_WORK REQUIRED:_ Starting at the line with "#817=AXIS2_PLACEMENT_3D('',#814,#815,#816);", repeat every line exactly until the records end, including the last one.

*** Opening of INPUT DATA ***

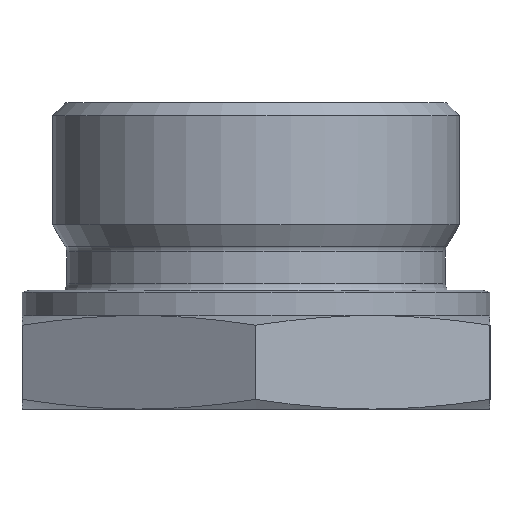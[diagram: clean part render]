
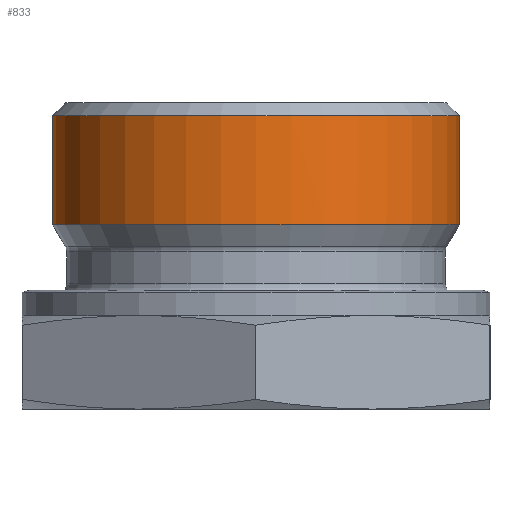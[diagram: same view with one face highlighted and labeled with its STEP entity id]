
A CAD part, front view. The second image highlights one B-rep face of the part: STEP entity #833.
In plain terms, the highlighted cylindrical face has radius 23.901 mm (diameter 47.803 mm), a full revolution.
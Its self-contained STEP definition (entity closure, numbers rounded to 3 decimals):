
#799=CARTESIAN_POINT('',(23.901,0.,34.5));
#800=VERTEX_POINT('',#799);
#801=CARTESIAN_POINT('',(0.0,0.0,34.5));
#802=DIRECTION('',(0.0,0.0,1.0));
#803=DIRECTION('',(-1.0,0.0,0.0));
#804=AXIS2_PLACEMENT_3D('',#801,#802,#803);
#805=CIRCLE('',#804,23.901);
#806=EDGE_CURVE('',#800,#800,#805,.T.);
#814=CARTESIAN_POINT('',(0.0,0.0,36.0));
#815=DIRECTION('',(0.0,0.0,-1.0));
#816=DIRECTION('',(-1.0,0.0,0.0));
#817=AXIS2_PLACEMENT_3D('',#814,#815,#816);
#818=CYLINDRICAL_SURFACE('',#817,23.901);
#819=CARTESIAN_POINT('',(-20.687,11.972,21.66));
#820=VERTEX_POINT('',#819);
#821=CARTESIAN_POINT('',(0.0,0.0,21.66));
#822=DIRECTION('',(0.0,0.0,1.0));
#823=DIRECTION('',(-1.0,0.0,0.0));
#824=AXIS2_PLACEMENT_3D('',#821,#822,#823);
#825=CIRCLE('',#824,23.901);
#826=EDGE_CURVE('',#820,#820,#825,.T.);
#827=ORIENTED_EDGE('',*,*,#826,.T.);
#828=EDGE_LOOP('',(#827));
#829=FACE_OUTER_BOUND('',#828,.T.);
#830=ORIENTED_EDGE('',*,*,#806,.F.);
#831=EDGE_LOOP('',(#830));
#832=FACE_BOUND('',#831,.T.);
#833=ADVANCED_FACE('',(#829,#832),#818,.T.);

*** Close of INPUT DATA ***

_ANSWER BELOW:_
#817=AXIS2_PLACEMENT_3D('',#814,#815,#816);
#818=CYLINDRICAL_SURFACE('',#817,23.901);
#819=CARTESIAN_POINT('',(-20.687,11.972,21.66));
#820=VERTEX_POINT('',#819);
#821=CARTESIAN_POINT('',(0.0,0.0,21.66));
#822=DIRECTION('',(0.0,0.0,1.0));
#823=DIRECTION('',(-1.0,0.0,0.0));
#824=AXIS2_PLACEMENT_3D('',#821,#822,#823);
#825=CIRCLE('',#824,23.901);
#826=EDGE_CURVE('',#820,#820,#825,.T.);
#827=ORIENTED_EDGE('',*,*,#826,.T.);
#828=EDGE_LOOP('',(#827));
#829=FACE_OUTER_BOUND('',#828,.T.);
#830=ORIENTED_EDGE('',*,*,#806,.F.);
#831=EDGE_LOOP('',(#830));
#832=FACE_BOUND('',#831,.T.);
#833=ADVANCED_FACE('',(#829,#832),#818,.T.);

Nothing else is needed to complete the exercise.